Balance

“Whole life have balance, everything be better. Understand?” — Mr. Miyagi, The Karate Kid

To illustrate the interplay of the dimensions of coupling, let’s start with the first two—integration strength and distance—and analyze their extreme combinations.

Low Strength, High Distance

High distance increases the cost of co-evolving coupled components. However, low integration strength minimizes the likelihood of cascading changes. Low integration strength balances high distance. As a result, this relationship is what we usually call loose coupling.

High Strength, Low Distance

Here, the components share a large amount of knowledge, and reducing it is not feasible—for example, when they implement closely related business functionalities. High integration strength is balanced by low distance: the components must co-evolve, but cascading changes are not costly to implement. This relationship represents high cohesion.

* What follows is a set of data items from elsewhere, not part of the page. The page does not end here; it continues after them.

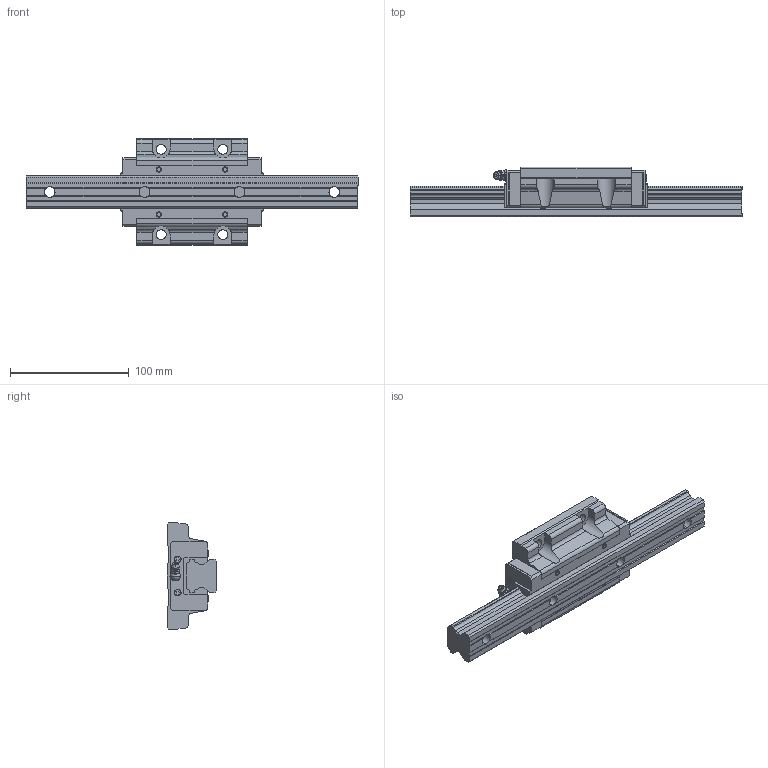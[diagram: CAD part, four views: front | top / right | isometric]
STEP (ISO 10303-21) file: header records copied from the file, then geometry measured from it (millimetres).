
FILE_DESCRIPTION (( 'STEP AP203' ), '1' );
FILE_NAME ('HSR30LCSSC.STEP', '2016-03-29T11:35:37', ( 'EOS' ), ( '' ), 'SwSTEP 2.0', 'SolidWorks 2016', '' );
FILE_SCHEMA (( 'CONFIG_CONTROL_DESIGN' ));
Length unit declared in the file: millimetre
Products named in the file (4): HSR30LCSSC; 1; 3; 2_2
Assembly tree (3 placements, depth 2):
  HSR30LCSSC
    1
    2_2
    3
Bounding box: 280 x 42 x 90 mm (x, y, z)
Volume: 387760.9 mm3; surface area: 74251 mm2
Topology: 3 solids, 3 shells, 347 faces, 935 edges, 604 vertices
Faces by surface type: plane 218, cylinder 76, cone 28, bspline 25
Entity records: 11865 total; most frequent: CARTESIAN_POINT 2886, ORIENTED_EDGE 1854, DIRECTION 1716, EDGE_CURVE 927, VECTOR 612, LINE 612, VERTEX_POINT 604, AXIS2_PLACEMENT_3D 552
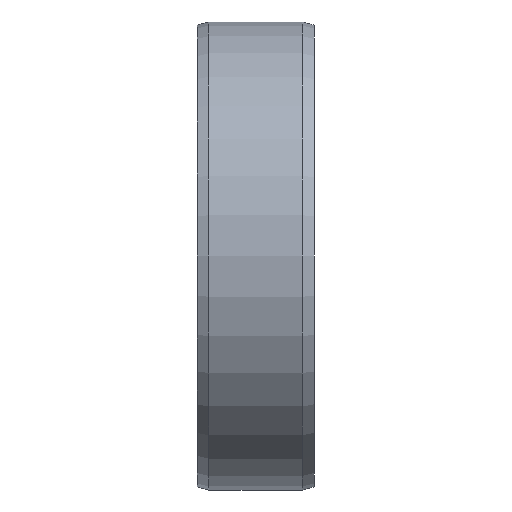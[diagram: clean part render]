
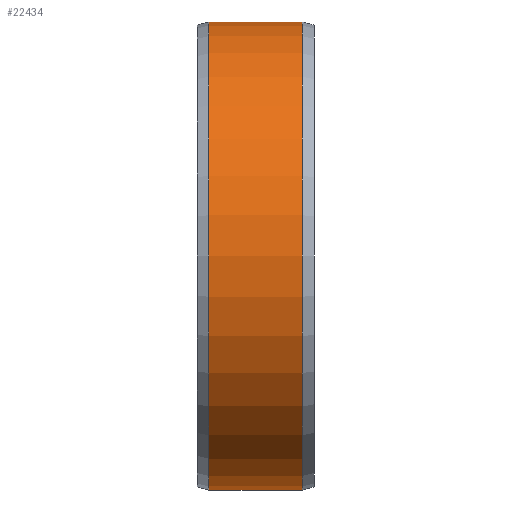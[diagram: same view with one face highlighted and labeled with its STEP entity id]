
A CAD part, left-side view. The second image highlights one B-rep face of the part: STEP entity #22434.
In plain terms, the highlighted cylindrical face has radius 20 mm (diameter 40 mm), a partial arc.
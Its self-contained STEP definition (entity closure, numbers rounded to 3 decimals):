
#21710=CARTESIAN_POINT('',(0.,-4.,0.));
#21711=DIRECTION('',(0.,1.,0.));
#21712=DIRECTION('',(0.,0.,-1.));
#21713=AXIS2_PLACEMENT_3D('',#21710,#21711,#21712);
#21718=DIRECTION('',(0.,1.,0.));
#21719=VECTOR('',#21718,8.);
#21720=CARTESIAN_POINT('',(0.,-4.,-20.));
#21721=LINE('',#21720,#21719);
#21733=DIRECTION('',(0.,1.,0.));
#21734=VECTOR('',#21733,8.);
#21735=CARTESIAN_POINT('',(0.,-4.,20.));
#21736=LINE('',#21735,#21734);
#21762=CARTESIAN_POINT('',(0.,4.,0.));
#21763=DIRECTION('',(0.,1.,0.));
#21764=DIRECTION('',(0.,0.,-1.));
#21765=AXIS2_PLACEMENT_3D('',#21762,#21763,#21764);
#22071=CARTESIAN_POINT('',(0.,-4.,-20.));
#22073=VERTEX_POINT('',#22071);
#22074=CARTESIAN_POINT('',(0.,4.,-20.));
#22075=VERTEX_POINT('',#22074);
#22115=CARTESIAN_POINT('',(0.,-4.,20.));
#22117=VERTEX_POINT('',#22115);
#22118=CARTESIAN_POINT('',(0.,4.,20.));
#22119=VERTEX_POINT('',#22118);
#22420=CARTESIAN_POINT('',(0.,-5.5,0.));
#22421=DIRECTION('',(0.,1.,0.));
#22422=DIRECTION('',(0.,0.,-1.));
#22423=AXIS2_PLACEMENT_3D('',#22420,#22421,#22422);
#22424=CYLINDRICAL_SURFACE('',#22423,20.);
#22426=ORIENTED_EDGE('',*,*,#22425,.T.);
#22428=ORIENTED_EDGE('',*,*,#22427,.T.);
#22430=ORIENTED_EDGE('',*,*,#22429,.F.);
#22431=ORIENTED_EDGE('',*,*,#22413,.F.);
#22432=EDGE_LOOP('',(#22426,#22428,#22430,#22431));
#22433=FACE_OUTER_BOUND('',#22432,.F.);
#21714=CIRCLE('',#21713,20.);
#21766=CIRCLE('',#21765,20.);
#22413=EDGE_CURVE('',#22073,#22117,#21714,.T.);
#22425=EDGE_CURVE('',#22073,#22075,#21721,.T.);
#22427=EDGE_CURVE('',#22075,#22119,#21766,.T.);
#22429=EDGE_CURVE('',#22117,#22119,#21736,.T.);
#22434=ADVANCED_FACE('',(#22433),#22424,.T.);

Low Strength, Low Distance

This scenario is trickier. Cascading changes are inexpensive due to low distance, but they are also unlikely because of low integration strength. As a result, we have a set of unrelated components located close to each other—a state known as low cohesion.

From a complexity perspective, this increases cognitive load, as developers must navigate through unrelated components to find the one that needs modification. If only a few unrelated components exist, the impact is negligible. However, as their number grows, the design drifts toward a big ball of mud.

High Strength, High Distance

In this case, the components frequently change together (high integration strength), and each change is expensive (high distance). This is what is typically called tight coupling—or a step toward a distributed monolith.

From a complexity standpoint, each change requires significant cognitive effort to locate and modify distant parts of the system that must change together, increasing the risk of missing dependencies.

Complexity or Modularity

The interplay between extreme combinations of integration strength and distance allows us to define modularity and complexity:

Modularity: Integration strength and distance balance each other (one is high, the other is low).
Complexity: Integration strength and distance are equal (both high or both low).

Thus, modularity and complexity can be expressed as binary expressions:

MODULARITY = STRENGTH XOR DISTANCE
COMPLEXITY = STRENGTH AND DISTANCE

Pragmatic Balance

As Eric Evans put it, not all of a large system will be well designed. Sometimes, cutting corners is necessary. The dimension of volatility introduces pragmatism into the design decision-making process.

If a component shares a large amount of knowledge but is not expected to change—for example, a legacy system that is no longer evolving—the effects of shared knowledge are balanced by its low volatility. Thus, the balance of coupling can be expressed as:

BALANCE = (STRENGTH XOR DISTANCE) OR NOT VOLATILITY